Making a while loop asynchronous in nodeJS

There are several similar questions here on Stack but I can't get any answers working for me, I'm completely new to Node and the idea of asynchronous programming so please bear with me.

I'm building a scraper that currently has a 4 step process:

  1. I give it a collection of links
  2. It goes to each of these links, finds all relevant img src on the page
  3. It finds the "next page" link, gets its href, retrieves the dom from said href and repeats step #2.
  4. All of these img src are put into an array and returned

Here's the code. getLinks can be called asynchronously but the while loop in it currently cannot:

function scrape(url, oncomplete) {
    console.log("Scrape Function: " + url);
    request(url, function(err, resp, body) {
        if (err) {
            console.log(UHOH);
            throw err;
        }
        var html = cheerio.load(body);
        oncomplete(html);
    }
    );
}
function getLinks(url, prodURL, baseURL, next_select) {
    var urls = [];
    while(url) {
        console.log("GetLinks Indexing: " + url);
        var html = scrape(url, function(data) {
            $ = data;
            $(prodURL).each(function() {
                var theHref = $(this).attr('href');
                urls.push(baseURL + theHref);
            }
            );
            next = $(next_select).first().attr('href');
            url  = next ? baseurl + next : null;
        }
        );
    }
    console.log(urls);
    return urls;
}

At present this goes into an infinite loop without scraping anything. If I put the url = next ? baseurl + next : null; outside of the callback I get a "next" is not defined error.

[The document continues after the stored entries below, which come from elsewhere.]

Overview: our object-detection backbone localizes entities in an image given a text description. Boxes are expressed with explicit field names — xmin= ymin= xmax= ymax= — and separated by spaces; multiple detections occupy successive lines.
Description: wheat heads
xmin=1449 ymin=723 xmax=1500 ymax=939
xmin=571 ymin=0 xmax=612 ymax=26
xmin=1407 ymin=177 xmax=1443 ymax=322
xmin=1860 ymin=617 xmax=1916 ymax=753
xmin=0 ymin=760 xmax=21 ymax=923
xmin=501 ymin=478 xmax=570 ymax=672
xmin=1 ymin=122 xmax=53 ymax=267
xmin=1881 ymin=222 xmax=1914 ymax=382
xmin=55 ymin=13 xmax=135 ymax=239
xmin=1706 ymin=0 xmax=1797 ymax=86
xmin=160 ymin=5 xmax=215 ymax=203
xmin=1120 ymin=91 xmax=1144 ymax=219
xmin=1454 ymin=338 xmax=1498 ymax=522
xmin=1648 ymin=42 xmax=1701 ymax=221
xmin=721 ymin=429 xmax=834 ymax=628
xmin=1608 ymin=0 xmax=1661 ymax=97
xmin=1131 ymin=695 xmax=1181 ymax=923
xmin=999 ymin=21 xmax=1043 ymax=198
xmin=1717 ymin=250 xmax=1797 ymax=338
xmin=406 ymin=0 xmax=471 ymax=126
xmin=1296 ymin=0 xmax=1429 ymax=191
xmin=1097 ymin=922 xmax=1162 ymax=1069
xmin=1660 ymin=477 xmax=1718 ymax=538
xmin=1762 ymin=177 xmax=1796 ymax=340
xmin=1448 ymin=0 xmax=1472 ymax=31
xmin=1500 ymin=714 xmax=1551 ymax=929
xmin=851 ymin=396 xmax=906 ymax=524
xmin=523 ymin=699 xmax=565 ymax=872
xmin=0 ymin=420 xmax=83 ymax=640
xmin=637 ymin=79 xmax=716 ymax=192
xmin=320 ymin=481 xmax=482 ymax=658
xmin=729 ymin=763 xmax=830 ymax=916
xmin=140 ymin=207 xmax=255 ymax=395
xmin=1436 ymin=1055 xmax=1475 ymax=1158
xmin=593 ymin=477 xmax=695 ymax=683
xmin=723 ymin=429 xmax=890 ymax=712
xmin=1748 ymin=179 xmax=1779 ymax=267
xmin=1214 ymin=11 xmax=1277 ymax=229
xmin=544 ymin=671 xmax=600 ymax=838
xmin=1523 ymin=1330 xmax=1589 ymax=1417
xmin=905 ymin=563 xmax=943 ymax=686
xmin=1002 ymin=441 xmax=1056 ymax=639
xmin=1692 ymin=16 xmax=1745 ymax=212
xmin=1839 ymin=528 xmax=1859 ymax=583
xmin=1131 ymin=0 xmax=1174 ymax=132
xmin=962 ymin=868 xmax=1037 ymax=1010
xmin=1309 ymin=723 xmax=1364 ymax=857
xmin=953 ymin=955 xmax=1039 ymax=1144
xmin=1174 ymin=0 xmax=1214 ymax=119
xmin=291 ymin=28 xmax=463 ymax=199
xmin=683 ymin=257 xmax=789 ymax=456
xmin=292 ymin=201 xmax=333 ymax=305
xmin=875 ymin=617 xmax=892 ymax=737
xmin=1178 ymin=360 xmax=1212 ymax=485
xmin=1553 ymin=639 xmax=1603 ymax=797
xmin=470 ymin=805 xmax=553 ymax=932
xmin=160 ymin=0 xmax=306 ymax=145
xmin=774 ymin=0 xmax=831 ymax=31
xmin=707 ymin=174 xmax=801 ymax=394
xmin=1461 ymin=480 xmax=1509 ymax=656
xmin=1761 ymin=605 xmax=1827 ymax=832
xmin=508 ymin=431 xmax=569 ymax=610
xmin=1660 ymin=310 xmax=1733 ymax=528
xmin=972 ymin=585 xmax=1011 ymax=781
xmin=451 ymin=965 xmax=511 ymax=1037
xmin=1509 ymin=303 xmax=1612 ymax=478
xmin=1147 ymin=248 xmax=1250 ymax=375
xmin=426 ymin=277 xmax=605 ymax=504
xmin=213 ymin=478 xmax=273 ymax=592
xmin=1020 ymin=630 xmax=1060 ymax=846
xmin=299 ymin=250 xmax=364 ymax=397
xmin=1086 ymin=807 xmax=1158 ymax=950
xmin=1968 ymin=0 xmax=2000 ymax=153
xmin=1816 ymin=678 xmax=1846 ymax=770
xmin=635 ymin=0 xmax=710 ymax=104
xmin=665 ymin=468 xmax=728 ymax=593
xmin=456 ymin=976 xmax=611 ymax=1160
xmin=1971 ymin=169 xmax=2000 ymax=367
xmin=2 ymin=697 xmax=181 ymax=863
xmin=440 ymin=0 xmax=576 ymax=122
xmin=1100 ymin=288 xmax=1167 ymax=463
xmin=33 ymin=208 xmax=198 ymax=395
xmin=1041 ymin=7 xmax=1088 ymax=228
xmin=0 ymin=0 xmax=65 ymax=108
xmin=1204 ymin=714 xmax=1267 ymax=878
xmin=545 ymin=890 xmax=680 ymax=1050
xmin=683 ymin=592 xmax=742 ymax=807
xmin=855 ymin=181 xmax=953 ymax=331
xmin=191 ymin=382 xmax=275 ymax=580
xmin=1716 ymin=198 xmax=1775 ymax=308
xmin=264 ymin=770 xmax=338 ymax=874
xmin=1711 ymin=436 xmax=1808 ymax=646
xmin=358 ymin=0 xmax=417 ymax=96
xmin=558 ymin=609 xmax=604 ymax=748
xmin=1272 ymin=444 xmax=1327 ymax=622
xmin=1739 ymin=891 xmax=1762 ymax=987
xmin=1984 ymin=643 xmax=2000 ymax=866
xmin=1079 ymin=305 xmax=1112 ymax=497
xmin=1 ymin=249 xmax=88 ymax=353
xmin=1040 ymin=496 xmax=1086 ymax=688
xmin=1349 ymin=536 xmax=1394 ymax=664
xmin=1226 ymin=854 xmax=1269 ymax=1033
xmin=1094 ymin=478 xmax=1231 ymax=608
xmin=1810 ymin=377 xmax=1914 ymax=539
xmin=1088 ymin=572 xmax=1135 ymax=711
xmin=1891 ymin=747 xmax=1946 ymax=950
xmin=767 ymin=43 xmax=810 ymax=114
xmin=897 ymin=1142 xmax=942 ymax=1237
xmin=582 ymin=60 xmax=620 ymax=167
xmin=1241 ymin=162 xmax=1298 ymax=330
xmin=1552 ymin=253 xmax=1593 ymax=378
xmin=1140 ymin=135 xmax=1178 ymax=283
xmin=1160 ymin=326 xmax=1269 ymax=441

Any ideas on how I can re-work this to make it node-friendly? It seems like, by this problem's very nature, it needs to be blocking, no?

It is a frequent pattern where you want to perform a loop but use an asynchronous function with a callback. As you cannot wait for an asynchronous function you cannot simply use a while loop.

One solution is to use a "stack" (or array). Fill this with the initial elements you want to process. As you discover more elements to process add them to this stack. And recursively call your function incrementing the index to process until the index exceeds the length of the array.

e.g.

function do_scrape( stack, this_url, callback ) {
    // get list of URLs from webpage at this_url
    ...
    stack.push( new_url ); // adding new element to array
    ...
    ...
    callback(); // process callback
}

function process_stack( stack_of_urls, idx ) {
    var this_url = stack_of_urls[idx];

    do_scrape(
        stack_of_urls,
        this_url,           
        function () {
            if ( idx + 1 < stack_of_urls.length ) {
                process_stack( stack_of_urls, (idx + 1) );
            } else {
                process.exit( 0 );
            }
        }
    );
}

var stack_of_urls = [ "http://www.yahoo.com/" ];
process_stack( stack_of_urls, 0 ); // start from index zero

Note there are many ways of approaching this. For efficiency's sake you could remove processed elements off the stack. Also you have a choice of whether to process the stack from beginning to end, or end to beginning, etc. Finally note that if you do not call an asynchronous function in your do_scrape function then you'll have a tight loop of callbacks whereby node.js will abort complaining about the stack being too big.